6 Results & Discussion of Survey: Ethics of Gender

Following the procedure mentioned in Section 4, each conversational ai’s gender is determined by the designation given by the developer or cues such as avatar, voice or name, for cases where the developer did not identify the gender. These cues are based on general perception or stereotypes. We consider a conversational ai genderless if it is specifically stated by the reference or developer or nothing is mentioned about it and there are no cues to suggest gender. Overall, in the investigation of the 100 conversational ai, 37 (or 37%) are female, 20 are male, 40 are genderless, and 3 have both gender options. Figure 2 shows a bar graph with details of the results. Breaking down the data into 4 groups: journal-based, Loebner-winners, Facebook Messenger-based, and popular/commercial chatbots, we observe that female conversational ai always outnumber male conversational ai. The genderless category does not follow such a consistent trend in the groups. Out of the 59 chatbots mentioned in journal articles, 34% are female, 22% are male, 42% are genderless, and 2% have both gender options. 54% are female among the 13 chatbots in the Loebner-winners, 23% are male, 15% are genderless, and 8% have both options. Of the 20 chatbots from Facebook Messenger, 25% are female, 10% are male, 65% are genderless, and 0 offer both genders. Lastly, out of the 8 popular/commercial conversational ai, 62.5% are female, 25% are male, 0 is genderless, and 12.5% have both options.

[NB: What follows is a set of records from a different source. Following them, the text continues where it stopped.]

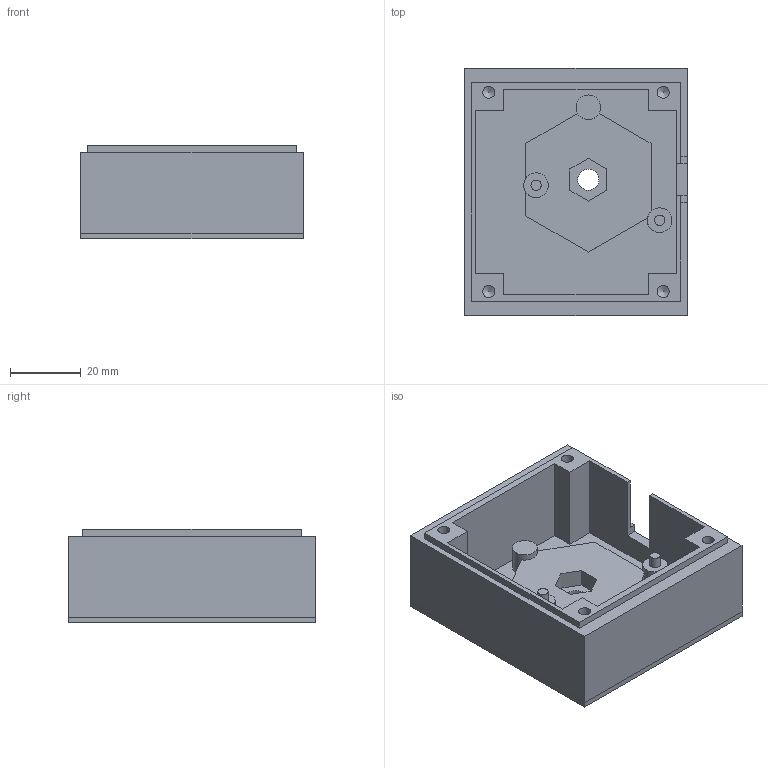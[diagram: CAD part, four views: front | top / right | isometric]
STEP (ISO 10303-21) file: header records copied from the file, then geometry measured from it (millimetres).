
FILE_DESCRIPTION(('FreeCAD Model'),'2;1');
FILE_NAME('Open CASCADE Shape Model','2023-06-15T15:05:08',(''),(''), 'Open CASCADE STEP processor 7.6','FreeCAD','Unknown');
FILE_SCHEMA(('AUTOMOTIVE_DESIGN { 1 0 10303 214 1 1 1 1 }'));
Length unit declared in the file: millimetre
Products named in the file (1): Pad008
Bounding box: 63 x 70 x 26.5 mm (x, y, z)
Volume: 42120.9 mm3; surface area: 22850.6 mm2
Topology: 1 solids, 1 shells, 72 faces, 186 edges, 120 vertices
Faces by surface type: plane 58, cylinder 10, cone 4
Full cylindrical faces by diameter (mm): 2.9 x2, 3.4 x4, 6 x1, 7 x3
Entity records: 4523 total; most frequent: CARTESIAN_POINT 795, DIRECTION 687, LINE 472, VECTOR 472, ORIENTED_EDGE 364, PCURVE 364, DEFINITIONAL_REPRESENTATION 364, EDGE_CURVE 182
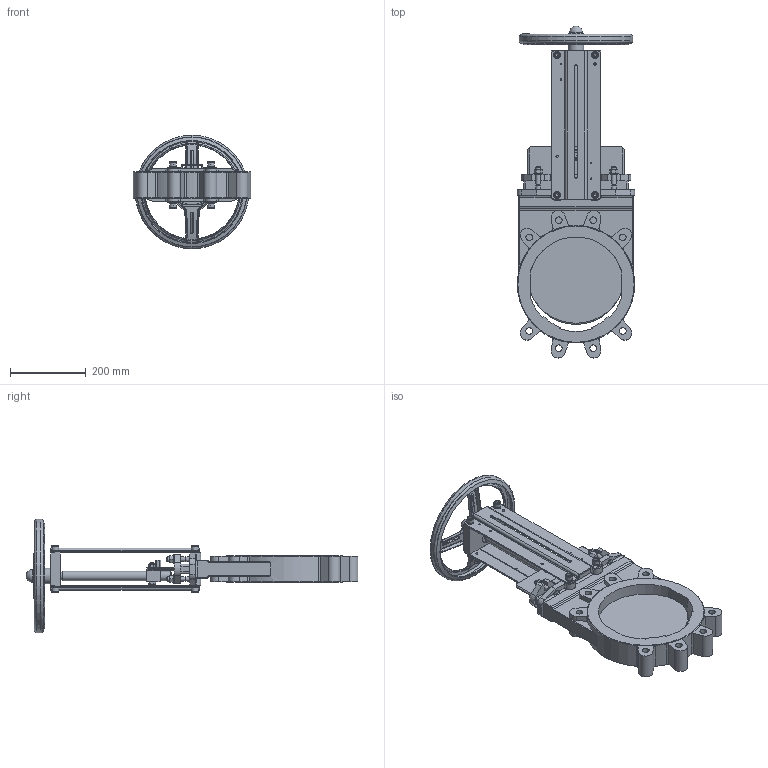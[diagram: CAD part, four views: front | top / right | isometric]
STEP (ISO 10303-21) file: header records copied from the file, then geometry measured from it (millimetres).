
FILE_DESCRIPTION(/* description */ ('178250'),/* implementation_level */ '2;1');
FILE_NAME(/* name */ '178250.stp',/* time_stamp */ '2019-02-18T11:41:42+01:00',/* author */ ('jmorand'),/* organization */ ('Sferaco'),/* preprocessor_version */ 'ST-DEVELOPER v17',/* originating_system */ 'Autodesk Inventor 2019',/* authorisation */ '');
FILE_SCHEMA (('AUTOMOTIVE_DESIGN { 1 0 10303 214 3 1 1 }'));
Length unit declared in the file: millimetre
Products named in the file (1): 178250
Bounding box: 310 x 876.78 x 300 mm (x, y, z)
Volume: 6266347.6 mm3; surface area: 1027117 mm2
Topology: 35 solids, 44 shells, 1642 faces, 4343 edges, 2838 vertices
Faces by surface type: plane 720, bspline 308, cylinder 304, cone 257, torus 52, sphere 1
Full cylindrical faces by diameter (mm): 3.5 x2, 4.2 x6, 5 x2, 6 x6, 6.8 x2, 8 x1, 8.5 x3, 10 x3, 10.2 x12, 11 x2, 12 x24, 12.2 x8, 13 x4, 14 x8, 16 x2, 17.5 x12, 18 x8, 18.4 x8, 19.5 x1, 24 x4, 25 x2, 34 x1, 36 x1, 42 x1, 250 x1, 296 x1, 300 x1
Entity records: 61876 total; most frequent: CARTESIAN_POINT 22021, ORIENTED_EDGE 8618, DIRECTION 7202, EDGE_CURVE 4309, VERTEX_POINT 2838, AXIS2_PLACEMENT_3D 2631, LINE 1940, VECTOR 1940
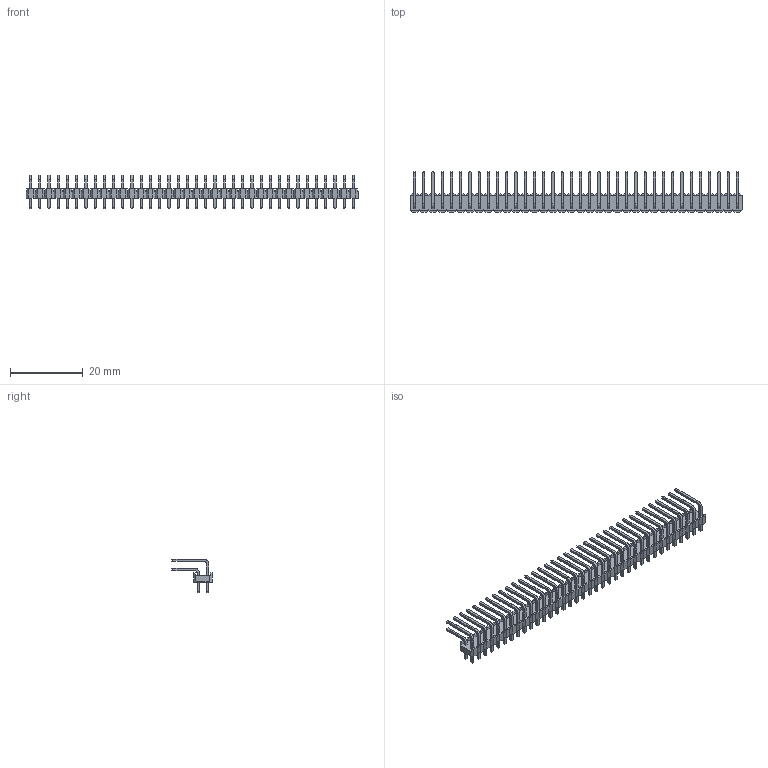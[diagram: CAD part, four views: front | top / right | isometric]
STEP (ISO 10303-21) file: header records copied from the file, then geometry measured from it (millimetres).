
FILE_DESCRIPTION(('STEP AP214'), '1');
FILE_NAME('PLD-R8', '', ('UNSPECIFIED'), ('UNSPECIFIED'), 'ASCON STEP Converter 1.6', 'ASCON Math Kernel', '');
FILE_SCHEMA(('AUTOMOTIVE_DESIGN { 1 0 10303 214 3 1 1}'));
Length unit declared in the file: millimetre
Bounding box: 91.44 x 11.08 x 9.32 mm (x, y, z)
Volume: 1235.8 mm3; surface area: 4086.6 mm2
Topology: 1 solids, 1 shells, 2131 faces, 5274 edges, 3324 vertices
Faces by surface type: plane 1987, cylinder 144
Entity records: 78356 total; most frequent: CARTESIAN_POINT 10730, ORIENTED_EDGE 10548, DIRECTION 9826, EDGE_CURVE 5274, LINE 4986, VECTOR 4986, VERTEX_POINT 3324, AXIS2_PLACEMENT_3D 2420
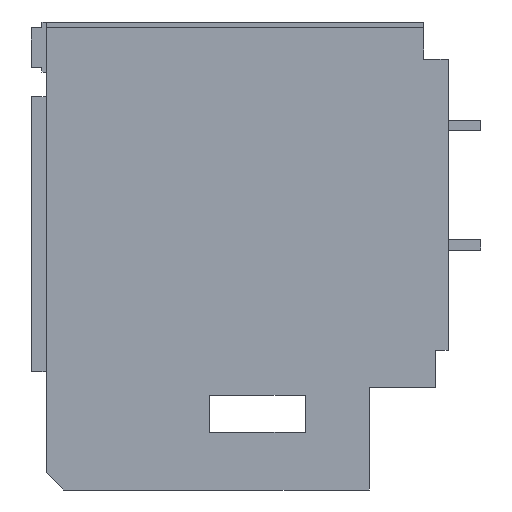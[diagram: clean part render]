
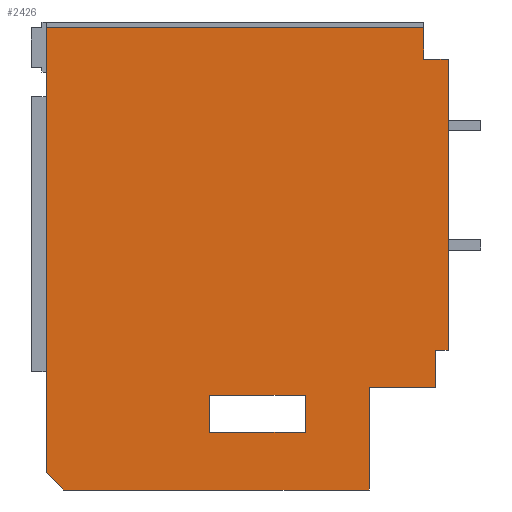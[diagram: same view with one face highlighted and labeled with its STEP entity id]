
A CAD part, front view. The second image highlights one B-rep face of the part: STEP entity #2426.
In plain terms, the highlighted planar face has unit normal (0, -1, 0).
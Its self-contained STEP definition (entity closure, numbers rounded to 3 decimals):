
#14=DIRECTION('',(0.,0.,-1.));
#15=VECTOR('',#14,35.);
#16=CARTESIAN_POINT('',(1.5,0.,-236.425));
#17=LINE('',#16,#15);
#18=DIRECTION('',(1.,0.,0.));
#19=VECTOR('',#18,90.);
#20=CARTESIAN_POINT('',(1.5,0.,-271.425));
#21=LINE('',#20,#19);
#22=DIRECTION('',(0.,0.,1.));
#23=VECTOR('',#22,35.);
#24=CARTESIAN_POINT('',(91.5,0.,-271.425));
#25=LINE('',#24,#23);
#26=DIRECTION('',(-1.,0.,0.));
#27=VECTOR('',#26,90.);
#28=CARTESIAN_POINT('',(91.5,0.,-236.425));
#29=LINE('',#28,#27);
#30=DIRECTION('',(1.,0.,0.));
#31=VECTOR('',#30,354.);
#32=CARTESIAN_POINT('',(-151.5,0.,108.575));
#33=LINE('',#32,#31);
#34=DIRECTION('',(0.,0.,-1.));
#35=VECTOR('',#34,30.);
#36=CARTESIAN_POINT('',(202.5,0.,108.575));
#37=LINE('',#36,#35);
#38=DIRECTION('',(1.,0.,0.));
#39=VECTOR('',#38,23.);
#40=CARTESIAN_POINT('',(202.5,0.,78.575));
#41=LINE('',#40,#39);
#42=DIRECTION('',(0.,0.,-1.));
#43=VECTOR('',#42,273.);
#44=CARTESIAN_POINT('',(225.5,0.,78.575));
#45=LINE('',#44,#43);
#46=DIRECTION('',(-1.,0.,0.));
#47=VECTOR('',#46,12.);
#48=CARTESIAN_POINT('',(225.5,0.,-194.425));
#49=LINE('',#48,#47);
#50=DIRECTION('',(0.,0.,-1.));
#51=VECTOR('',#50,35.);
#52=CARTESIAN_POINT('',(213.5,0.,-194.425));
#53=LINE('',#52,#51);
#54=DIRECTION('',(-1.,0.,0.));
#55=VECTOR('',#54,62.);
#56=CARTESIAN_POINT('',(213.5,0.,-229.425));
#57=LINE('',#56,#55);
#58=DIRECTION('',(0.,0.,-1.));
#59=VECTOR('',#58,96.);
#60=CARTESIAN_POINT('',(151.5,0.,-229.425));
#61=LINE('',#60,#59);
#62=DIRECTION('',(-1.,0.,0.));
#63=VECTOR('',#62,287.);
#64=CARTESIAN_POINT('',(151.5,0.,-325.425));
#65=LINE('',#64,#63);
#66=DIRECTION('',(-0.707,0.,0.707));
#67=VECTOR('',#66,22.627);
#68=CARTESIAN_POINT('',(-135.5,0.,-325.425));
#69=LINE('',#68,#67);
#146=DIRECTION('',(0.,0.,-1.));
#147=VECTOR('',#146,418.);
#148=CARTESIAN_POINT('',(-151.5,0.,108.575));
#149=LINE('',#148,#147);
#1813=CARTESIAN_POINT('',(202.5,0.,78.575));
#1814=CARTESIAN_POINT('',(225.5,0.,78.575));
#1815=VERTEX_POINT('',#1813);
#1816=VERTEX_POINT('',#1814);
#1817=CARTESIAN_POINT('',(225.5,0.,-194.425));
#1818=VERTEX_POINT('',#1817);
#1819=CARTESIAN_POINT('',(213.5,0.,-194.425));
#1820=VERTEX_POINT('',#1819);
#1821=CARTESIAN_POINT('',(213.5,0.,-229.425));
#1822=VERTEX_POINT('',#1821);
#1823=CARTESIAN_POINT('',(151.5,0.,-229.425));
#1824=VERTEX_POINT('',#1823);
#1825=CARTESIAN_POINT('',(151.5,0.,-325.425));
#1826=VERTEX_POINT('',#1825);
#1827=CARTESIAN_POINT('',(-135.5,0.,-325.425));
#1828=VERTEX_POINT('',#1827);
#1829=CARTESIAN_POINT('',(-151.5,0.,-309.425));
#1830=VERTEX_POINT('',#1829);
#1831=CARTESIAN_POINT('',(1.5,0.,-236.425));
#1832=CARTESIAN_POINT('',(1.5,0.,-271.425));
#1833=VERTEX_POINT('',#1831);
#1834=VERTEX_POINT('',#1832);
#1835=CARTESIAN_POINT('',(91.5,0.,-271.425));
#1836=VERTEX_POINT('',#1835);
#1837=CARTESIAN_POINT('',(91.5,0.,-236.425));
#1838=VERTEX_POINT('',#1837);
#2315=CARTESIAN_POINT('',(202.5,0.,108.575));
#2316=VERTEX_POINT('',#2315);
#2379=CARTESIAN_POINT('',(-151.5,0.,108.575));
#2380=VERTEX_POINT('',#2379);
#2387=CARTESIAN_POINT('',(30.,0.,-106.925));
#2388=DIRECTION('',(0.,1.,0.));
#2389=DIRECTION('',(1.,0.,0.));
#2390=AXIS2_PLACEMENT_3D('',#2387,#2388,#2389);
#2391=PLANE('',#2390);
#2393=ORIENTED_EDGE('',*,*,#2392,.F.);
#2395=ORIENTED_EDGE('',*,*,#2394,.T.);
#2397=ORIENTED_EDGE('',*,*,#2396,.T.);
#2399=ORIENTED_EDGE('',*,*,#2398,.T.);
#2401=ORIENTED_EDGE('',*,*,#2400,.T.);
#2403=ORIENTED_EDGE('',*,*,#2402,.T.);
#2405=ORIENTED_EDGE('',*,*,#2404,.T.);
#2407=ORIENTED_EDGE('',*,*,#2406,.T.);
#2409=ORIENTED_EDGE('',*,*,#2408,.T.);
#2411=ORIENTED_EDGE('',*,*,#2410,.T.);
#2413=ORIENTED_EDGE('',*,*,#2412,.T.);
#2414=EDGE_LOOP('',(#2393,#2395,#2397,#2399,#2401,#2403,#2405,#2407,#2409,#2411,
#2413));
#2415=FACE_OUTER_BOUND('',#2414,.F.);
#2417=ORIENTED_EDGE('',*,*,#2416,.T.);
#2419=ORIENTED_EDGE('',*,*,#2418,.T.);
#2421=ORIENTED_EDGE('',*,*,#2420,.T.);
#2423=ORIENTED_EDGE('',*,*,#2422,.T.);
#2424=EDGE_LOOP('',(#2417,#2419,#2421,#2423));
#2425=FACE_BOUND('',#2424,.F.);
#2392=EDGE_CURVE('',#2380,#1830,#149,.T.);
#2394=EDGE_CURVE('',#2380,#2316,#33,.T.);
#2396=EDGE_CURVE('',#2316,#1815,#37,.T.);
#2398=EDGE_CURVE('',#1815,#1816,#41,.T.);
#2400=EDGE_CURVE('',#1816,#1818,#45,.T.);
#2402=EDGE_CURVE('',#1818,#1820,#49,.T.);
#2404=EDGE_CURVE('',#1820,#1822,#53,.T.);
#2406=EDGE_CURVE('',#1822,#1824,#57,.T.);
#2408=EDGE_CURVE('',#1824,#1826,#61,.T.);
#2410=EDGE_CURVE('',#1826,#1828,#65,.T.);
#2412=EDGE_CURVE('',#1828,#1830,#69,.T.);
#2416=EDGE_CURVE('',#1833,#1834,#17,.T.);
#2418=EDGE_CURVE('',#1834,#1836,#21,.T.);
#2420=EDGE_CURVE('',#1836,#1838,#25,.T.);
#2422=EDGE_CURVE('',#1838,#1833,#29,.T.);
#2426=ADVANCED_FACE('',(#2415,#2425),#2391,.F.);

Figure 2: Method for both investigations in this study

6.1 Discussion

The results agree with the popular assessment that female conversational ai are more predominant than the male ones. We do not know of the gender of the producers of these 100 conversational ai but it may be a safe assumption that most are male. This assessment has faced criticism from some interest groups, evidenced in a recent report by west2019d that the fact that most conversational ai are female makes them the face of glitches resulting from the limitations of ai systems. Despite the criticism, there’s the opinion that this phenomenon can be viewed from a vantage position for women. For example, they may be viewed as the acceptable face, persona or voice, as the case may be, of the planet. A comparison was made by silvervarg2012effect of a visually androgynous agent with both male and female agents and it was found that it suffered verbal abuse less than the female agent but more than the male agent. Does this suggest developers do away with female conversational ai altogether to protect the female gender or what is needed is a change in the attitude of users? Especially since previous research has shown that stereotypical agents, with regards to task, are often preferred by users [Forlizzi et al.2007]. Some researchers have argued that conversational ai having human-like characteristics, including gender, builds trust for users [Louwerse et al.2005, Muir1987, Nass and Brave2005]. Furthermore, lee2019caring observed that conversational ai that consider gender of users, among other cues, are potentially helpful for self-compassion of users. Noteworthy that there are those who consider the ungendered, robotic voice of ai uncomfortable and eerie and will, therefore, prefer a specific gender.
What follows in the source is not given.